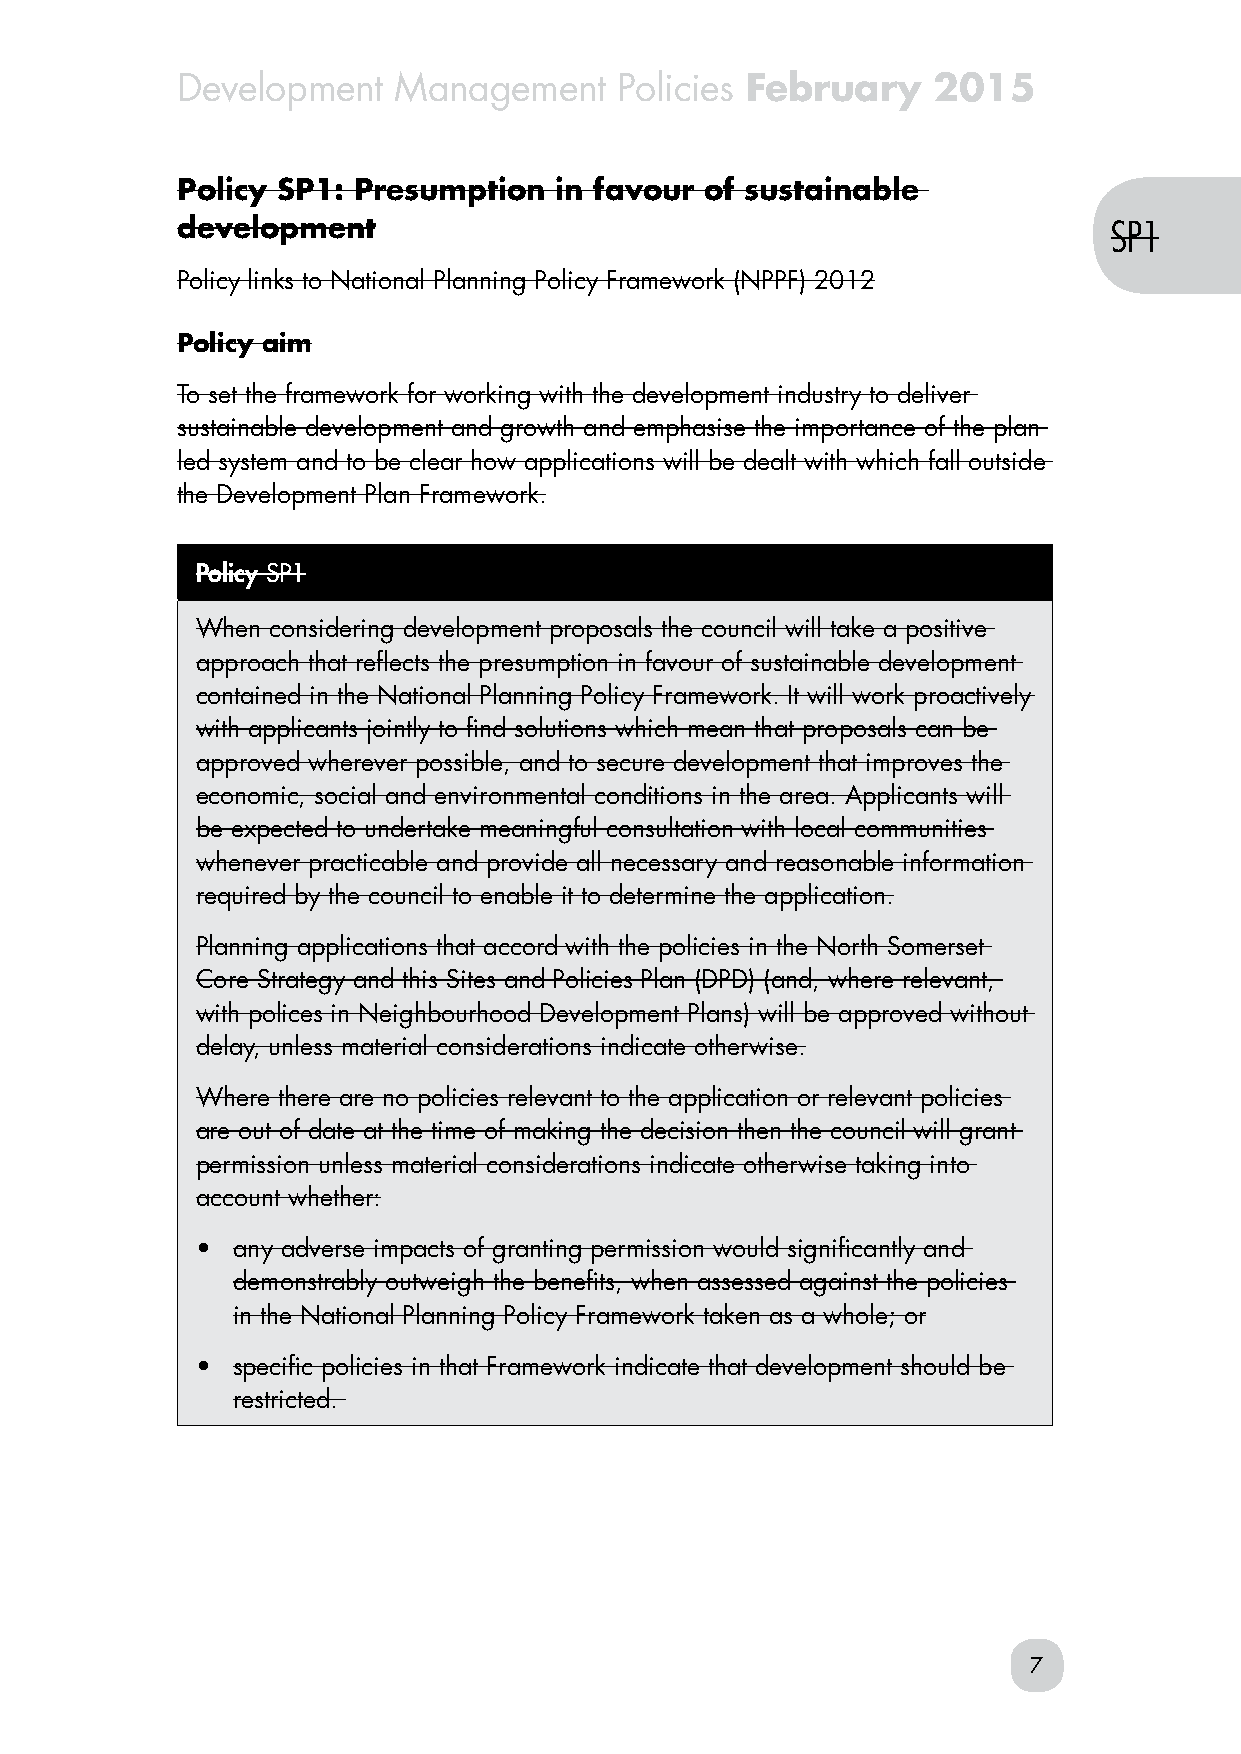
Development   Management     Policies February    2015
 Policy SP1: Presumption  in favour of sustainable
 development                                                   SP1
 Policy links to National Planning Policy Framework (NPPF) 2012
 Policy aim
 To set the framework for working with the development industry to deliver
 sustainable development and growth and emphasise the importance of the plan
 led system and to be clear how applications will be dealt with which fall outside
 the Development Plan Framework.
 Policy SP1
 When considering development proposals the council will take a positive
 approach that reflects the presumption in favour of sustainable development
 contained in the National Planning Policy Framework. It will work proactively
 with applicants jointly to find solutions which mean that proposals can be
 approved wherever possible, and to secure development that improves the
 economic, social and environmental conditions in the area. Applicants will
 be expected to undertake meaningful consultation with local communities
 whenever practicable and provide all necessary and reasonable information
 required by the council to enable it to determine the application.
 Planning applications that accord with the policies in the North Somerset
 Core Strategy and this Sites and Policies Plan (DPD) (and, where relevant,
 with polices in Neighbourhood Development Plans) will be approved without
 delay, unless material considerations indicate otherwise.
 Where there are no policies relevant to the application or relevant policies
 are out of date at the time of making the decision then the council will grant
 permission unless material considerations indicate otherwise taking into
 account whether:
 • any adverse impacts of granting permission would significantly and
 demonstrably outweigh the benefits, when assessed against the policies
 in the National Planning Policy Framework taken as a whole; or
 • specific policies in that Framework indicate that development should be
 restricted.
 7

• **Action item**:
In the data above, retype exactly and only the lines between the one holding "permission unless material" and the one holding "development should be", inclusive.

• **Written reply**:
 permission unless material considerations indicate otherwise taking into
 account whether:
 • any adverse impacts of granting permission would significantly and
 demonstrably outweigh the benefits, when assessed against the policies
 in the National Planning Policy Framework taken as a whole; or
 • specific policies in that Framework indicate that development should be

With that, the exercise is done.